# What you are asked to do
Below is a listing with pictures in it; transcribe exactly the lines from the one that has "လောဏသောဝီရကဉ္စဟံ" through the one that has "always @(posedge fastClk) begin", and omit those pictures.

# Records for processing
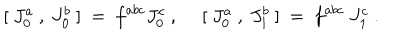
{ } ~ ~ [ ~ J _ { 0 } ^ { a } ~ , ~ J _ { 0 } ^ { b } ~ ] ~ = ~ f ^ { a b c } J _ { 0 } ^ { c } ~ , ~ ~ [ ~ J _ { 0 } ^ { a } ~ , ~ J _ { 1 } ^ { b } ~ ] ~ = ~ f ^ { a b c } { } ~ J _ { 1 } ^ { c } ~ . ~
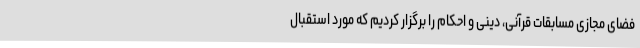
فضای مجازی مسابقات قرآنی، دینی و احکام را برگزار کردیم که مورد استقبال
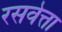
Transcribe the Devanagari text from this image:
रसवेत्ता
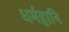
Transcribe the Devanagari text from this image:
धर्महानि
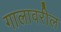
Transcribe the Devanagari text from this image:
गालावरील
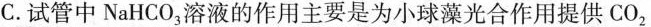
C. 试管中NaHCO_{3|溶液的作用主要是为小球藻光合作用提供CO_{2|
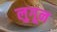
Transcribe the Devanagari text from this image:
लुगून
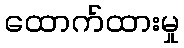
ထောက်ထားမှု
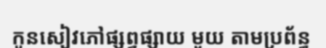
កូនសៀវភៅផ្សព្វផ្សាយ មួយ តាមប្រព័ន្ធ
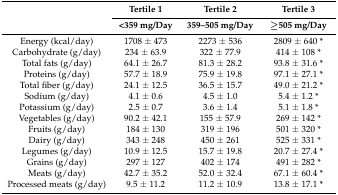
| <ROWSPAN=2>  | Tertile 1 | Tertile 2 | Tertile 3 |
 | <359 mg/Day | 359–505 mg/Day | ≥505 mg/Day |
 | --- | --- | --- | --- |
 | Energy (kcal/day) | 1708 ± 473 | 2273 ± 536 | 2809 ± 640 * |
 | Carbohydrate (g/day) | 234 ± 63.9 | 322 ± 77.9 | 414 ± 108 * |
 | Total fats (g/day) | 64.1 ± 26.7 | 81.3 ± 28.2 | 93.8 ± 31.6 * |
 | Proteins (g/day) | 57.7 ± 18.9 | 75.9 ± 19.8 | 97.1 ± 27.1 * |
 | Total fiber (g/day) | 24.1 ± 12.5 | 36.5 ± 15.7 | 49.0 ± 21.2 * |
 | Sodium (g/day) | 4.1 ± 0.6 | 4.5 ± 1.0 | 5.4 ± 1.2 * |
 | Potassium (g/day) | 2.5 ± 0.7 | 3.6 ± 1.4 | 5.1 ± 1.8 * |
 | Vegetables (g/day) | 90.2 ± 42.1 | 155 ± 57.9 | 269 ± 142 * |
 | Fruits (g/day) | 184 ± 130 | 319 ± 196 | 501 ± 320 * |
 | Dairy (g/day) | 343 ± 248 | 450 ± 261 | 525 ± 331 * |
 | Legumes (g/day) | 10.9 ± 12.5 | 15.7 ± 19.8 | 20.7 ± 27.4 * |
 | Grains (g/day) | 297 ± 127 | 402 ± 174 | 491 ± 282 * |
 | Meats (g/day) | 42.7 ± 35.2 | 52.0 ± 32.4 | 67.1 ± 60.4 * |
 | Processed meats (g/day) | 9.5 ± 11.2 | 11.2 ± 10.9 | 13.8 ± 17.1 * |
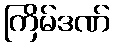
ကြိမ်ဒဏ်
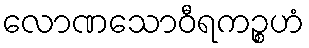
လောဏသောဝီရကဉ္စဟံ
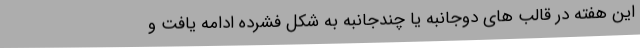
این هفته در قالب های دوجانبه یا چندجانبه به شکل فشرده ادامه یافت و
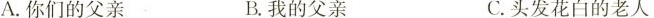
A.你们的父亲 B.我的父亲 C.头发花白的老人
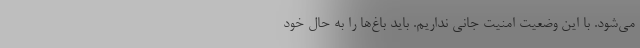
می‌شود. با این وضعیت امنیت جانی نداریم. باید باغ‌ها را به حال خود
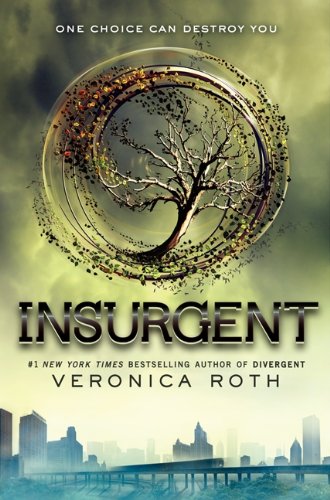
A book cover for Insurgent; Veronica Roth; Mystery, Thriller & Suspense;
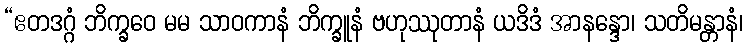
“ဧတဒဂ္ဂံ ဘိက္ခဝေ မမ သာဝကာနံ ဘိက္ခူနံ ဗဟုဿုတာနံ ယဒိဒံ အာနန္ဒော၊ သတိမန္တာနံ၊
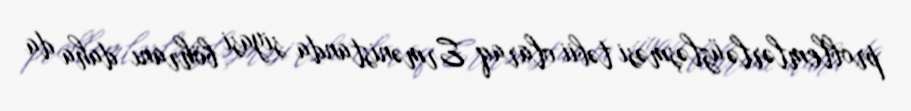
problemlərlə üzləşməsi təbii olaraq Ermənistanda siyasi böhranı daha da
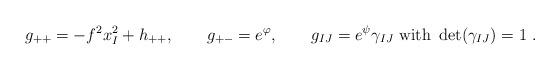
LaTeX: \begin{align*}g_{++}=-f^{2}x^{2}_{I}+h_{++}, \qquad g_{+-}=e^{\varphi}, \qquad g_{IJ}=e^{\psi}\gamma_{IJ}~\mbox{with}~ \det(\gamma_{IJ})=1 ~.\end{align*}
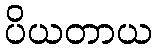
ပိယတာယ
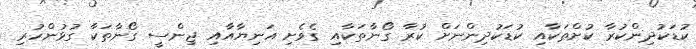
ކުޑަކުދިންކުރާ ކުށްތަކާއި ކުޑަކުދިންނަށް ކުރާ ގޯނާތަކާއި ގެވެށި އަނިޔާއާއި ޖިންސީ ގޯނާތަކާ ގުޅުންހުރި
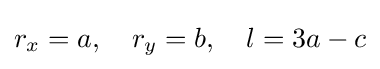
r_{x}=a,\quad r_{y}=b,\quad l=3a-c
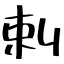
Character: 剌
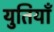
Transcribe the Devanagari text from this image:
युतियाँ
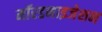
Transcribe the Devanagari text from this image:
मॉरडनाइजेशन
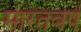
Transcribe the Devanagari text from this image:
मारतवर्ष
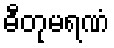
ဓီတုမရဏံ
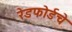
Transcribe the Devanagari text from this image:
रेडफोर्डचे
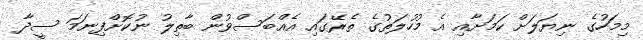
މިމަހުގެ ނިޔަލަށް ކަމަށާއި އެ މުހުލަތުގެ ތެރޭގައި އެއްބަސްވުން ބާތިލު ނުކޮށްފިނަމަ ސީދާ
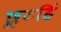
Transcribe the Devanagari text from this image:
छूटहिं
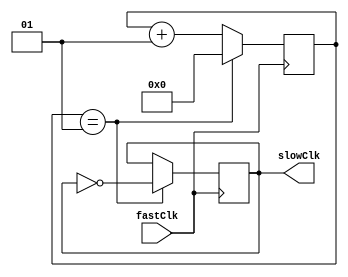
module clkdiv #(parameter divider = 2)(
	input fastClk,
	output reg slowClk = 0
);

integer count = 0;

//parameter divider = 2;

always @(posedge fastClk) begin
	if (count == divider-1) begin
		slowClk <= ~slowClk;
		count <= 0;
	end else begin
		count <= count + 1;
	end
end

endmodule
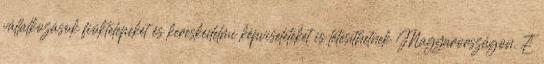
vállalkozások fióktelepeket és kereskedelmi képviseleteket is létesíthetnek Magyarországon. E
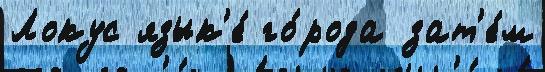
Локус язык'е́ го́рода зат'е́м
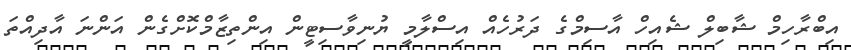
އިބްރާހިމް ޝާބިލް ޝެއިހް އާސިމްގެ ދަރުހެއް އިސްލާމީ ޔުނިވާސިޓީން އިންތިޒާމްކޮށްގެން އަންނަ އާދިއްތަ
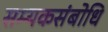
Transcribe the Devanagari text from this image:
सम्यकसंबोधि
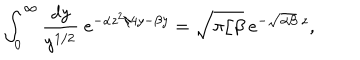
\int _ { 0 } ^ { \infty } \frac { d y } { y ^ { 1 / 2 } } ~ e ^ { - \alpha z ^ { 2 } / 4 y - \beta y } = \sqrt { \pi / \beta } ~ e ^ { - \sqrt { \alpha \beta } ~ z } ,
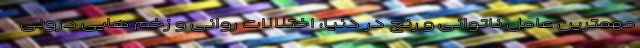
مهمترین عامل ناتوانی و رنج در دنیا، اختلالات روانی و زخم هایی درونی
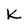
Character: K
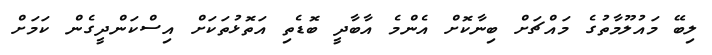
ލިބޭ މައުލޫމާތުގެ މައްޗަށް ބިނާކޮށް އެންމެ އާބާދީ ބޮޑެތި އަތޮޅުތަކަށް އިސްކަންދީގެން ކަމަށް
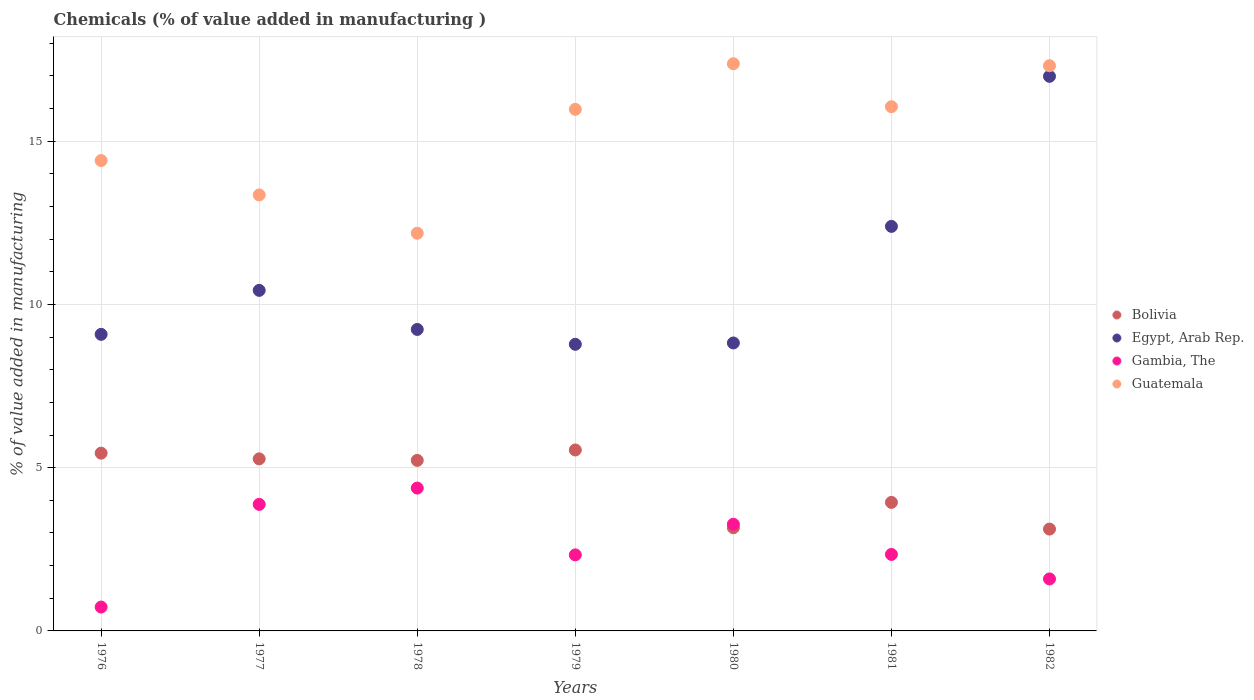
| Years | Bolivia | Egypt, Arab Rep. | Gambia, The | Guatemala |
 | --- | --- | --- | --- | --- |
 | 1976 | 5.45 | 9.08 | 0.731 | 14.4 |
 | 1977 | 5.27 | 10.4 | 3.88 | 13.4 |
 | 1978 | 5.22 | 9.24 | 4.38 | 12.2 |
 | 1979 | 5.54 | 8.78 | 2.33 | 16 |
 | 1980 | 3.16 | 8.82 | 3.27 | 17.4 |
 | 1981 | 3.94 | 12.4 | 2.34 | 16.1 |
 | 1982 | 3.12 | 17 | 1.59 | 17.3 |
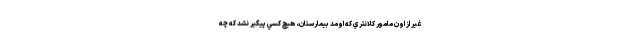
غير از اون مامور كلانتري كه اومد بيمارستان، هيچ كسي پيگير نشد كه چه
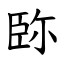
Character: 䑐
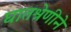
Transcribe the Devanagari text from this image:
घातश्रेणीने
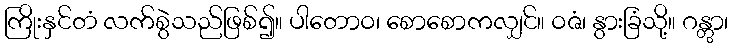
ကြိုးနှင်တံ လက်စွဲသည်ဖြစ်၍။ ပါတောဝ၊ စောစောကလျှင်။ ဝဇံ၊ နွားခြံသို့။ ဂန္တွာ၊
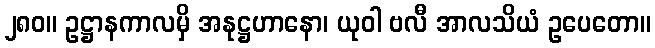
၂၈၀။ ဥဋ္ဌာနကာလမှိ အနုဋ္ဌဟာနော၊ ယုဝါ ဗလီ အာလသိယံ ဥပေတော။
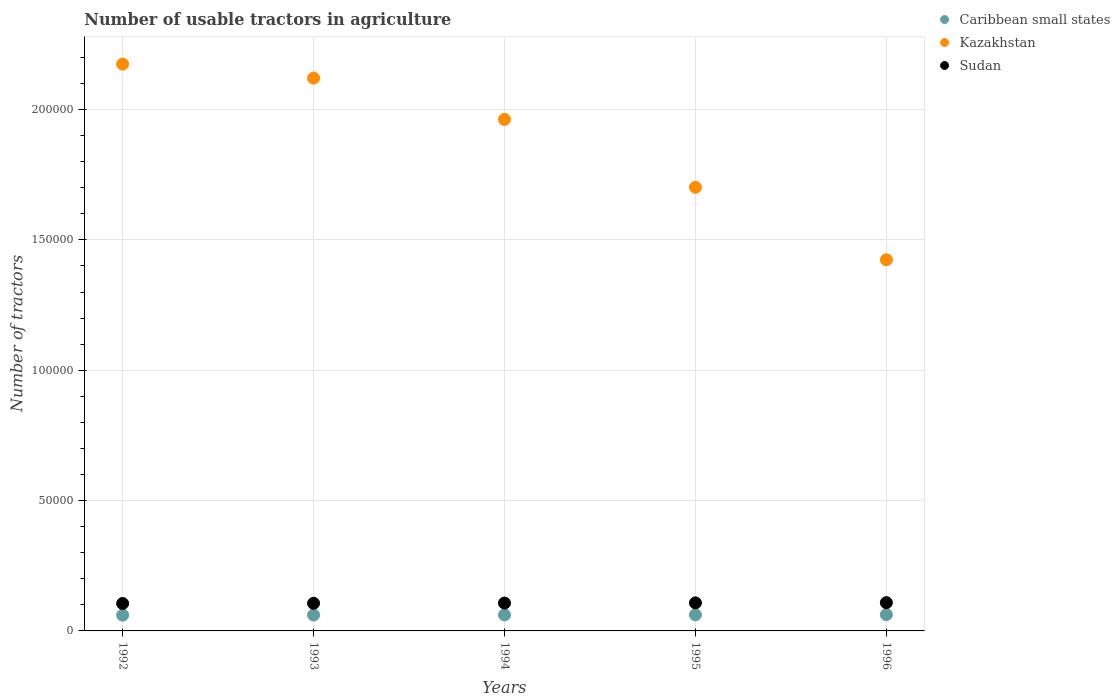
| Years | Caribbean small states | Kazakhstan | Sudan |
 | --- | --- | --- | --- |
 | 1992 | 6.07e+03 | 2.17e+05 | 1.05e+04 |
 | 1993 | 6.1e+03 | 2.12e+05 | 1.06e+04 |
 | 1994 | 6.14e+03 | 1.96e+05 | 1.07e+04 |
 | 1995 | 6.18e+03 | 1.7e+05 | 1.08e+04 |
 | 1996 | 6.25e+03 | 1.42e+05 | 1.08e+04 |
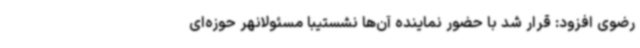
رضوی افزود: قرار شد با حضور نماینده آن‌ها نشستیبا مسئولانهر حوزه‌ای
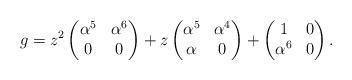
LaTeX: \begin{align*}g=z^2\left(\begin{matrix}\alpha^5 & \alpha^{6} \\0 & 0\end{matrix}\right) + z \left(\begin{matrix}\alpha^{5} & \alpha^{4} \\\alpha & 0\end{matrix}\right)+ \left(\begin{matrix}1 & 0 \\\alpha^{6} & 0\end{matrix}\right).\end{align*}
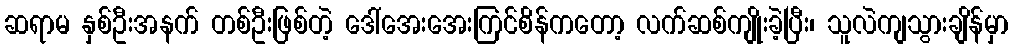
ဆရာမ နှစ်ဦးအနက် တစ်ဦးဖြစ်တဲ့ ဒေါ်အေးအေးကြင်စိန်ကတော့ လက်ဆစ်ကျိုးခဲ့ပြီး၊ သူလဲကျသွားချိန်မှာ
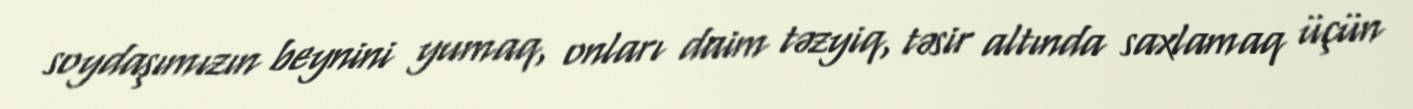
soydaşımızın beynini yumaq, onları daim təzyiq, təsir altında saxlamaq üçün
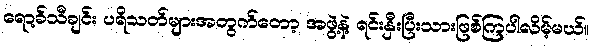
ရော့ခ်သီချင်း ပရိသတ်များအတွက်တော့ အဖွဲ့နဲ့ ရင်းနှီးပြီးသားဖြစ်ကြပါလိမ့်မယ်။
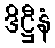
ဒိဋ္ဌီနံ
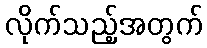
လိုက်သည့်အတွက်
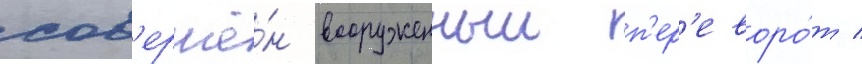
сов'ершё́н вооруженныи п'ер'еворо́т /
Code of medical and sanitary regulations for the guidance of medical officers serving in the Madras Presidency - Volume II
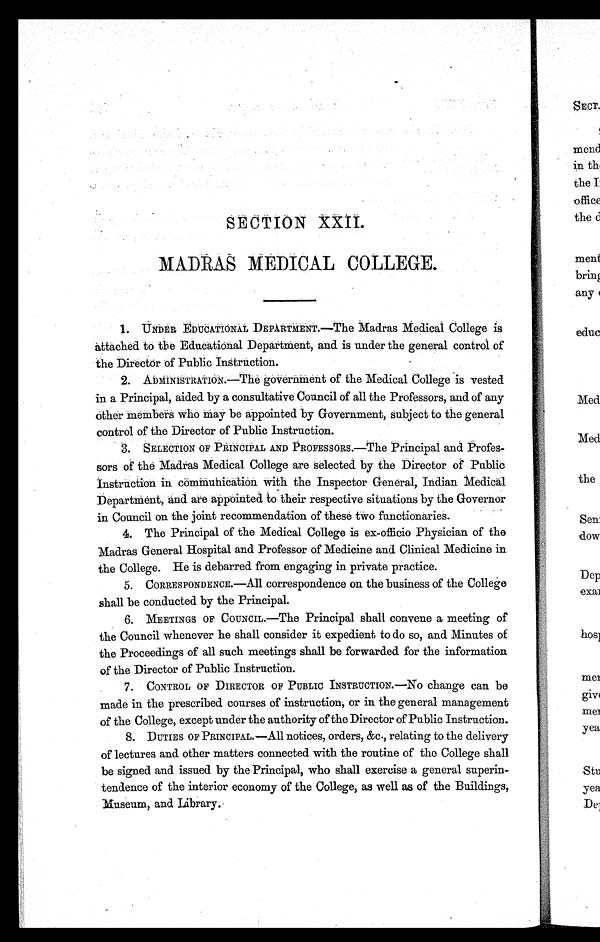
SECTION XXII.
MADRAS MEDICAL COLLEGE.
1.
UNDER EDUCATIONAL DEPARTMENT.—The Madras Medical College is
attached to the Educational Department, and is under the general control of
the Director of Public Instruction.
2. ADMINISTRATION.—The government of the Medical College is vested
in a Principal, aided by a consultative Council of all the Professors, and of any
other members who may be appointed by Government, subject to the general
control of the Director of Public Instruction.
3.
SELECTION OF PRINCIPAL AND PROFESSORS.—The Principal and Profes-
sors of the Madras Medical College are selected by the Director of Public
instruction in communication with the Inspector General, Indian Medical
Department, and are appointed to their respective situations by the Governor
in Council on the joint recommendation of these two functionaries.
4. The Principal of the Medical College is ex-officio Physician of the
Madras General Hospital and Professor of Medicine and Clinical Medicine in
the College. He is debarred from engaging in private practice.
5.
CORRESPONDENCE.—All correspondence on the business of the College
shall be conducted by the Principal.
6.
MEETINGS OF COUNCIL.—The Principal shall convene a meeting of
the Council whenever he shall consider it expedient to do so, and Minutes of
the Proceedings of all such meetings shall be forwarded for the information
of the Director of Public Instruction.
7.
CONTROL OF DIRECTOR OF PUBLIC INSTRUCTION.—No change can be
made in the prescribed courses of instruction, or in the general management
of the College, except under the authority of the Director of Public Instruction.
8.
DUTIES OF PRINCIPAL—All notices, orders, &c., relating to the delivery
of lectures and other matters connected with the routine of the College shall
be signed and issued by the Principal, who shall exercise a general superin-
tendence of the interior economy of the College, as well as of the Buildings,
Museum, and Library.
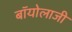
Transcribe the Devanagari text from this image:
बॉयोलाजी
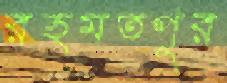
রহমতপুর
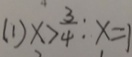
( 1 ) x > \frac { 3 } { 4 } : x = 1
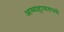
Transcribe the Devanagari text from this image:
अव्यहावतपणे
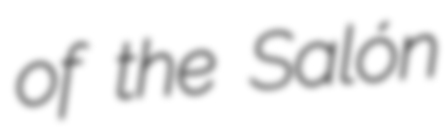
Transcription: of the Salón
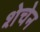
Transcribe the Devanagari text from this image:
शेचेन
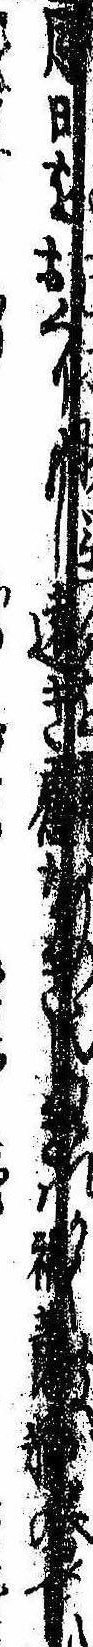
月日をおくりもし遠き慮なきときは禍蕭牆の下
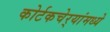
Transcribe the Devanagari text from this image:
कोर्टकचेर्‍यांमध्ये
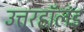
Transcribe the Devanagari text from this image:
उत्तरहॉलंड
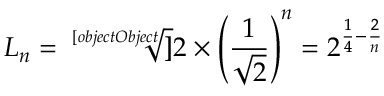
L _ { n } = { \sqrt [ [object Object] ] { 2 } } \times \left( { \frac { 1 } { \sqrt { 2 } } } \right) ^ { n } = 2 ^ { { \frac { 1 } { 4 } } - { \frac { 2 } { n } } }
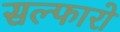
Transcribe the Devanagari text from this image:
सल्फारो
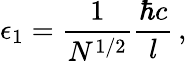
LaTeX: \epsilon_{1}=\frac{1}{N^{1/2}}\frac{\hbar c}{l}\, ,
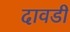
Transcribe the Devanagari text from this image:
दावडी
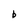
Character: b

# Solution to the exercise
လောဏသောဝီရကဉ္စဟံ
این هفته در قالب های دوجانبه یا چندجانبه به شکل فشرده ادامه یافت و
A.你们的父亲 B.我的父亲 C.头发花白的老人
می‌شود. با این وضعیت امنیت جانی نداریم. باید باغ‌ها را به حال خود
A book cover for Insurgent; Veronica Roth; Mystery, Thriller & Suspense;
“ဧတဒဂ္ဂံ ဘိက္ခဝေ မမ သာဝကာနံ ဘိက္ခူနံ ဗဟုဿုတာနံ ယဒိဒံ အာနန္ဒော၊ သတိမန္တာနံ၊
problemlərlə üzləşməsi təbii olaraq Ermənistanda siyasi böhranı daha da
LaTeX: \begin{align*}g_{++}=-f^{2}x^{2}_{I}+h_{++}, \qquad g_{+-}=e^{\varphi}, \qquad g_{IJ}=e^{\psi}\gamma_{IJ}~\mbox{with}~ \det(\gamma_{IJ})=1 ~.\end{align*}
ပိယတာယ
ކުޑަކުދިންކުރާ ކުށްތަކާއި ކުޑަކުދިންނަށް ކުރާ ގޯނާތަކާއި ގެވެށި އަނިޔާއާއި ޖިންސީ ގޯނާތަކާ ގުޅުންހުރި
r_{x}=a,\quad r_{y}=b,\quad l=3a-c
Character: 剌
Transcribe the Devanagari text from this image:
युतियाँ
Transcribe the Devanagari text from this image:
मॉरडनाइजेशन
Transcribe the Devanagari text from this image:
मारतवर्ष
ဓီတုမရဏံ
Transcribe the Devanagari text from this image:
रेडफोर्डचे
މިމަހުގެ ނިޔަލަށް ކަމަށާއި އެ މުހުލަތުގެ ތެރޭގައި އެއްބަސްވުން ބާތިލު ނުކޮށްފިނަމަ ސީދާ
Transcribe the Devanagari text from this image:
छूटहिं
module clkdiv #(parameter divider = 2)(
	input fastClk,
	output reg slowClk = 0
);

integer count = 0;

//parameter divider = 2;

always @(posedge fastClk) begin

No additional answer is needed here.